╔══

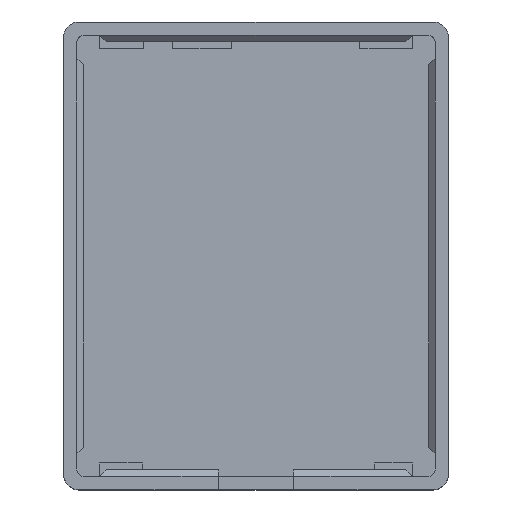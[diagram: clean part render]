
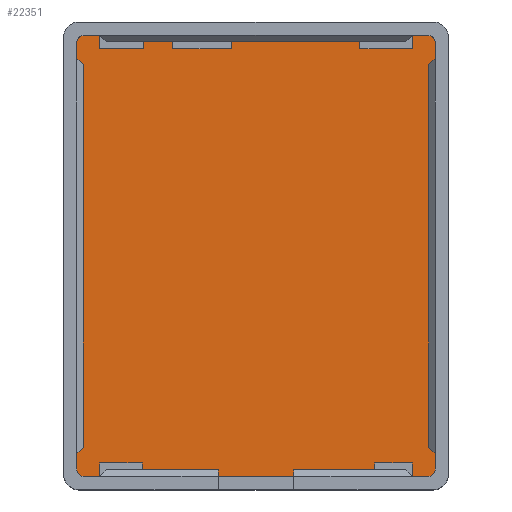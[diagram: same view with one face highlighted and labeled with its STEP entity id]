
A CAD part, top view. The second image highlights one B-rep face of the part: STEP entity #22351.
In plain terms, the highlighted planar face has unit normal (0, 0, 1).
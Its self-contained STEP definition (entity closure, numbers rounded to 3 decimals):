
#2301 = PLANE('',#2302);
#2302 = AXIS2_PLACEMENT_3D('',#2303,#2304,#2305);
#2303 = CARTESIAN_POINT('',(-25.45,-29.188,0.));
#2304 = DIRECTION('',(0.,-1.,0.));
#2305 = DIRECTION('',(1.,0.,0.));
#2330 = CYLINDRICAL_SURFACE('',#2331,1.);
#2331 = AXIS2_PLACEMENT_3D('',#2332,#2333,#2334);
#2332 = CARTESIAN_POINT('',(-22.7,-28.188,0.));
#2333 = DIRECTION('',(0.,0.,1.));
#2334 = DIRECTION('',(-0.707,-0.707,0.));
#2358 = PLANE('',#2359);
#2359 = AXIS2_PLACEMENT_3D('',#2360,#2361,#2362);
#2360 = CARTESIAN_POINT('',(-23.7,30.938,0.));
#2361 = DIRECTION('',(-1.,0.,0.));
#2362 = DIRECTION('',(0.,-1.,0.));
#2438 = CYLINDRICAL_SURFACE('',#2439,1.);
#2439 = AXIS2_PLACEMENT_3D('',#2440,#2441,#2442);
#2440 = CARTESIAN_POINT('',(-22.7,28.188,0.));
#2441 = DIRECTION('',(0.,0.,1.));
#2442 = DIRECTION('',(-0.707,0.707,0.));
#2466 = PLANE('',#2467);
#2467 = AXIS2_PLACEMENT_3D('',#2468,#2469,#2470);
#2468 = CARTESIAN_POINT('',(25.45,29.188,0.));
#2469 = DIRECTION('',(0.,1.,0.));
#2470 = DIRECTION('',(-1.,0.,0.));
#2546 = CYLINDRICAL_SURFACE('',#2547,1.);
#2547 = AXIS2_PLACEMENT_3D('',#2548,#2549,#2550);
#2548 = CARTESIAN_POINT('',(22.7,28.188,0.));
#2549 = DIRECTION('',(0.,0.,1.));
#2550 = DIRECTION('',(0.707,0.707,-0.));
#2574 = PLANE('',#2575);
#2575 = AXIS2_PLACEMENT_3D('',#2576,#2577,#2578);
#2576 = CARTESIAN_POINT('',(23.7,-30.938,0.));
#2577 = DIRECTION('',(1.,0.,0.));
#2578 = DIRECTION('',(0.,1.,0.));
#2654 = CYLINDRICAL_SURFACE('',#2655,1.);
#2655 = AXIS2_PLACEMENT_3D('',#2656,#2657,#2658);
#2656 = CARTESIAN_POINT('',(22.7,-28.188,0.));
#2657 = DIRECTION('',(0.,0.,1.));
#2658 = DIRECTION('',(0.707,-0.707,0.));
#10538 = VERTEX_POINT('',#10539);
#10539 = CARTESIAN_POINT('',(22.7,-29.188,1.75));
#10560 = EDGE_CURVE('',#10538,#10561,#10563,.T.);
#10561 = VERTEX_POINT('',#10562);
#10562 = CARTESIAN_POINT('',(-22.7,-29.188,1.75));
#10563 = SURFACE_CURVE('',#10564,(#10568,#10575),.PCURVE_S1.);
#10564 = LINE('',#10565,#10566);
#10565 = CARTESIAN_POINT('',(-12.725,-29.188,1.75));
#10566 = VECTOR('',#10567,1.);
#10567 = DIRECTION('',(-1.,0.,0.));
#10568 = PCURVE('',#2301,#10569);
#10569 = DEFINITIONAL_REPRESENTATION('',(#10570),#10574);
#10570 = LINE('',#10571,#10572);
#10571 = CARTESIAN_POINT('',(12.725,1.75));
#10572 = VECTOR('',#10573,1.);
#10573 = DIRECTION('',(-1.,0.));
#10574 = ( GEOMETRIC_REPRESENTATION_CONTEXT(2) 
PARAMETRIC_REPRESENTATION_CONTEXT() REPRESENTATION_CONTEXT('2D SPACE',''
  ) );
#10575 = PCURVE('',#10576,#10581);
#10576 = PLANE('',#10577);
#10577 = AXIS2_PLACEMENT_3D('',#10578,#10579,#10580);
#10578 = CARTESIAN_POINT('',(0.,0.,1.75)
  );
#10579 = DIRECTION('',(0.,0.,1.));
#10580 = DIRECTION('',(1.,0.,-0.));
#10581 = DEFINITIONAL_REPRESENTATION('',(#10582),#10586);
#10582 = LINE('',#10583,#10584);
#10583 = CARTESIAN_POINT('',(-12.725,-29.188));
#10584 = VECTOR('',#10585,1.);
#10585 = DIRECTION('',(-1.,0.));
#10586 = ( GEOMETRIC_REPRESENTATION_CONTEXT(2) 
PARAMETRIC_REPRESENTATION_CONTEXT() REPRESENTATION_CONTEXT('2D SPACE',''
  ) );
#12409 = VERTEX_POINT('',#12410);
#12410 = CARTESIAN_POINT('',(-23.7,-28.188,1.75));
#12431 = EDGE_CURVE('',#12409,#10561,#12432,.T.);
#12432 = SURFACE_CURVE('',#12433,(#12438,#12445),.PCURVE_S1.);
#12433 = CIRCLE('',#12434,1.);
#12434 = AXIS2_PLACEMENT_3D('',#12435,#12436,#12437);
#12435 = CARTESIAN_POINT('',(-22.7,-28.188,1.75));
#12436 = DIRECTION('',(0.,0.,1.));
#12437 = DIRECTION('',(-0.707,-0.707,0.));
#12438 = PCURVE('',#2330,#12439);
#12439 = DEFINITIONAL_REPRESENTATION('',(#12440),#12444);
#12440 = LINE('',#12441,#12442);
#12441 = CARTESIAN_POINT('',(0.,1.75));
#12442 = VECTOR('',#12443,1.);
#12443 = DIRECTION('',(1.,0.));
#12444 = ( GEOMETRIC_REPRESENTATION_CONTEXT(2) 
PARAMETRIC_REPRESENTATION_CONTEXT() REPRESENTATION_CONTEXT('2D SPACE',''
  ) );
#12445 = PCURVE('',#10576,#12446);
#12446 = DEFINITIONAL_REPRESENTATION('',(#12447),#12451);
#12447 = CIRCLE('',#12448,1.);
#12448 = AXIS2_PLACEMENT_2D('',#12449,#12450);
#12449 = CARTESIAN_POINT('',(-22.7,-28.188));
#12450 = DIRECTION('',(-0.707,-0.707));
#12451 = ( GEOMETRIC_REPRESENTATION_CONTEXT(2) 
PARAMETRIC_REPRESENTATION_CONTEXT() REPRESENTATION_CONTEXT('2D SPACE',''
  ) );
#12540 = EDGE_CURVE('',#12409,#12541,#12543,.T.);
#12541 = VERTEX_POINT('',#12542);
#12542 = CARTESIAN_POINT('',(-23.7,28.188,1.75));
#12543 = SURFACE_CURVE('',#12544,(#12548,#12555),.PCURVE_S1.);
#12544 = LINE('',#12545,#12546);
#12545 = CARTESIAN_POINT('',(-23.7,15.469,1.75));
#12546 = VECTOR('',#12547,1.);
#12547 = DIRECTION('',(0.,1.,0.));
#12548 = PCURVE('',#2358,#12549);
#12549 = DEFINITIONAL_REPRESENTATION('',(#12550),#12554);
#12550 = LINE('',#12551,#12552);
#12551 = CARTESIAN_POINT('',(15.469,1.75));
#12552 = VECTOR('',#12553,1.);
#12553 = DIRECTION('',(-1.,0.));
#12554 = ( GEOMETRIC_REPRESENTATION_CONTEXT(2) 
PARAMETRIC_REPRESENTATION_CONTEXT() REPRESENTATION_CONTEXT('2D SPACE',''
  ) );
#12555 = PCURVE('',#10576,#12556);
#12556 = DEFINITIONAL_REPRESENTATION('',(#12557),#12561);
#12557 = LINE('',#12558,#12559);
#12558 = CARTESIAN_POINT('',(-23.7,15.469));
#12559 = VECTOR('',#12560,1.);
#12560 = DIRECTION('',(0.,1.));
#12561 = ( GEOMETRIC_REPRESENTATION_CONTEXT(2) 
PARAMETRIC_REPRESENTATION_CONTEXT() REPRESENTATION_CONTEXT('2D SPACE',''
  ) );
#12758 = VERTEX_POINT('',#12759);
#12759 = CARTESIAN_POINT('',(-22.7,29.188,1.75));
#12780 = EDGE_CURVE('',#12758,#12541,#12781,.T.);
#12781 = SURFACE_CURVE('',#12782,(#12787,#12794),.PCURVE_S1.);
#12782 = CIRCLE('',#12783,1.);
#12783 = AXIS2_PLACEMENT_3D('',#12784,#12785,#12786);
#12784 = CARTESIAN_POINT('',(-22.7,28.188,1.75));
#12785 = DIRECTION('',(0.,0.,1.));
#12786 = DIRECTION('',(-0.707,0.707,0.));
#12787 = PCURVE('',#2438,#12788);
#12788 = DEFINITIONAL_REPRESENTATION('',(#12789),#12793);
#12789 = LINE('',#12790,#12791);
#12790 = CARTESIAN_POINT('',(-6.283,1.75));
#12791 = VECTOR('',#12792,1.);
#12792 = DIRECTION('',(1.,0.));
#12793 = ( GEOMETRIC_REPRESENTATION_CONTEXT(2) 
PARAMETRIC_REPRESENTATION_CONTEXT() REPRESENTATION_CONTEXT('2D SPACE',''
  ) );
#12794 = PCURVE('',#10576,#12795);
#12795 = DEFINITIONAL_REPRESENTATION('',(#12796),#12800);
#12796 = CIRCLE('',#12797,1.);
#12797 = AXIS2_PLACEMENT_2D('',#12798,#12799);
#12798 = CARTESIAN_POINT('',(-22.7,28.188));
#12799 = DIRECTION('',(-0.707,0.707));
#12800 = ( GEOMETRIC_REPRESENTATION_CONTEXT(2) 
PARAMETRIC_REPRESENTATION_CONTEXT() REPRESENTATION_CONTEXT('2D SPACE',''
  ) );
#12835 = VERTEX_POINT('',#12836);
#12836 = CARTESIAN_POINT('',(22.7,29.188,1.75));
#12857 = EDGE_CURVE('',#12758,#12835,#12858,.T.);
#12858 = SURFACE_CURVE('',#12859,(#12863,#12870),.PCURVE_S1.);
#12859 = LINE('',#12860,#12861);
#12860 = CARTESIAN_POINT('',(12.725,29.188,1.75));
#12861 = VECTOR('',#12862,1.);
#12862 = DIRECTION('',(1.,0.,0.));
#12863 = PCURVE('',#2466,#12864);
#12864 = DEFINITIONAL_REPRESENTATION('',(#12865),#12869);
#12865 = LINE('',#12866,#12867);
#12866 = CARTESIAN_POINT('',(12.725,1.75));
#12867 = VECTOR('',#12868,1.);
#12868 = DIRECTION('',(-1.,0.));
#12869 = ( GEOMETRIC_REPRESENTATION_CONTEXT(2) 
PARAMETRIC_REPRESENTATION_CONTEXT() REPRESENTATION_CONTEXT('2D SPACE',''
  ) );
#12870 = PCURVE('',#10576,#12871);
#12871 = DEFINITIONAL_REPRESENTATION('',(#12872),#12876);
#12872 = LINE('',#12873,#12874);
#12873 = CARTESIAN_POINT('',(12.725,29.188));
#12874 = VECTOR('',#12875,1.);
#12875 = DIRECTION('',(1.,0.));
#12876 = ( GEOMETRIC_REPRESENTATION_CONTEXT(2) 
PARAMETRIC_REPRESENTATION_CONTEXT() REPRESENTATION_CONTEXT('2D SPACE',''
  ) );
#14855 = VERTEX_POINT('',#14856);
#14856 = CARTESIAN_POINT('',(23.7,28.188,1.75));
#14877 = EDGE_CURVE('',#14855,#12835,#14878,.T.);
#14878 = SURFACE_CURVE('',#14879,(#14884,#14891),.PCURVE_S1.);
#14879 = CIRCLE('',#14880,1.);
#14880 = AXIS2_PLACEMENT_3D('',#14881,#14882,#14883);
#14881 = CARTESIAN_POINT('',(22.7,28.188,1.75));
#14882 = DIRECTION('',(0.,0.,1.));
#14883 = DIRECTION('',(0.707,0.707,-0.));
#14884 = PCURVE('',#2546,#14885);
#14885 = DEFINITIONAL_REPRESENTATION('',(#14886),#14890);
#14886 = LINE('',#14887,#14888);
#14887 = CARTESIAN_POINT('',(0.,1.75));
#14888 = VECTOR('',#14889,1.);
#14889 = DIRECTION('',(1.,0.));
#14890 = ( GEOMETRIC_REPRESENTATION_CONTEXT(2) 
PARAMETRIC_REPRESENTATION_CONTEXT() REPRESENTATION_CONTEXT('2D SPACE',''
  ) );
#14891 = PCURVE('',#10576,#14892);
#14892 = DEFINITIONAL_REPRESENTATION('',(#14893),#14897);
#14893 = CIRCLE('',#14894,1.);
#14894 = AXIS2_PLACEMENT_2D('',#14895,#14896);
#14895 = CARTESIAN_POINT('',(22.7,28.188));
#14896 = DIRECTION('',(0.707,0.707));
#14897 = ( GEOMETRIC_REPRESENTATION_CONTEXT(2) 
PARAMETRIC_REPRESENTATION_CONTEXT() REPRESENTATION_CONTEXT('2D SPACE',''
  ) );
#14932 = EDGE_CURVE('',#14855,#14933,#14935,.T.);
#14933 = VERTEX_POINT('',#14934);
#14934 = CARTESIAN_POINT('',(23.7,-28.188,1.75));
#14935 = SURFACE_CURVE('',#14936,(#14940,#14947),.PCURVE_S1.);
#14936 = LINE('',#14937,#14938);
#14937 = CARTESIAN_POINT('',(23.7,-15.469,1.75));
#14938 = VECTOR('',#14939,1.);
#14939 = DIRECTION('',(0.,-1.,0.));
#14940 = PCURVE('',#2574,#14941);
#14941 = DEFINITIONAL_REPRESENTATION('',(#14942),#14946);
#14942 = LINE('',#14943,#14944);
#14943 = CARTESIAN_POINT('',(15.469,1.75));
#14944 = VECTOR('',#14945,1.);
#14945 = DIRECTION('',(-1.,0.));
#14946 = ( GEOMETRIC_REPRESENTATION_CONTEXT(2) 
PARAMETRIC_REPRESENTATION_CONTEXT() REPRESENTATION_CONTEXT('2D SPACE',''
  ) );
#14947 = PCURVE('',#10576,#14948);
#14948 = DEFINITIONAL_REPRESENTATION('',(#14949),#14953);
#14949 = LINE('',#14950,#14951);
#14950 = CARTESIAN_POINT('',(23.7,-15.469));
#14951 = VECTOR('',#14952,1.);
#14952 = DIRECTION('',(0.,-1.));
#14953 = ( GEOMETRIC_REPRESENTATION_CONTEXT(2) 
PARAMETRIC_REPRESENTATION_CONTEXT() REPRESENTATION_CONTEXT('2D SPACE',''
  ) );
#16964 = EDGE_CURVE('',#10538,#14933,#16965,.T.);
#16965 = SURFACE_CURVE('',#16966,(#16971,#16978),.PCURVE_S1.);
#16966 = CIRCLE('',#16967,1.);
#16967 = AXIS2_PLACEMENT_3D('',#16968,#16969,#16970);
#16968 = CARTESIAN_POINT('',(22.7,-28.188,1.75));
#16969 = DIRECTION('',(0.,0.,1.));
#16970 = DIRECTION('',(0.707,-0.707,0.));
#16971 = PCURVE('',#2654,#16972);
#16972 = DEFINITIONAL_REPRESENTATION('',(#16973),#16977);
#16973 = LINE('',#16974,#16975);
#16974 = CARTESIAN_POINT('',(-6.283,1.75));
#16975 = VECTOR('',#16976,1.);
#16976 = DIRECTION('',(1.,0.));
#16977 = ( GEOMETRIC_REPRESENTATION_CONTEXT(2) 
PARAMETRIC_REPRESENTATION_CONTEXT() REPRESENTATION_CONTEXT('2D SPACE',''
  ) );
#16978 = PCURVE('',#10576,#16979);
#16979 = DEFINITIONAL_REPRESENTATION('',(#16980),#16984);
#16980 = CIRCLE('',#16981,1.);
#16981 = AXIS2_PLACEMENT_2D('',#16982,#16983);
#16982 = CARTESIAN_POINT('',(22.7,-28.188));
#16983 = DIRECTION('',(0.707,-0.707));
#16984 = ( GEOMETRIC_REPRESENTATION_CONTEXT(2) 
PARAMETRIC_REPRESENTATION_CONTEXT() REPRESENTATION_CONTEXT('2D SPACE',''
  ) );
#22351 = ADVANCED_FACE('',(#22352),#10576,.T.);
#22352 = FACE_BOUND('',#22353,.T.);
#22353 = EDGE_LOOP('',(#22354,#22355,#22356,#22357,#22358,#22359,#22360,
    #22361));
#22354 = ORIENTED_EDGE('',*,*,#16964,.T.);
#22355 = ORIENTED_EDGE('',*,*,#14932,.F.);
#22356 = ORIENTED_EDGE('',*,*,#14877,.T.);
#22357 = ORIENTED_EDGE('',*,*,#12857,.F.);
#22358 = ORIENTED_EDGE('',*,*,#12780,.T.);
#22359 = ORIENTED_EDGE('',*,*,#12540,.F.);
#22360 = ORIENTED_EDGE('',*,*,#12431,.T.);
#22361 = ORIENTED_EDGE('',*,*,#10560,.F.);

╚══

Every line from the start of the material through the line holding "#2303 = CARTESIAN_POINT('',(-25.45,-29.188,0.));" must be returned exactly, and the pictures must not.

Answer section:
[diagram: clean part render]
[diagram: same view with one face highlighted and labeled with its STEP entity id]
A CAD part, top view. The second image highlights one B-rep face of the part: STEP entity #22351.
In plain terms, the highlighted planar face has unit normal (0, 0, 1).
Its self-contained STEP definition (entity closure, numbers rounded to 3 decimals):
#2301 = PLANE('',#2302);
#2302 = AXIS2_PLACEMENT_3D('',#2303,#2304,#2305);
#2303 = CARTESIAN_POINT('',(-25.45,-29.188,0.));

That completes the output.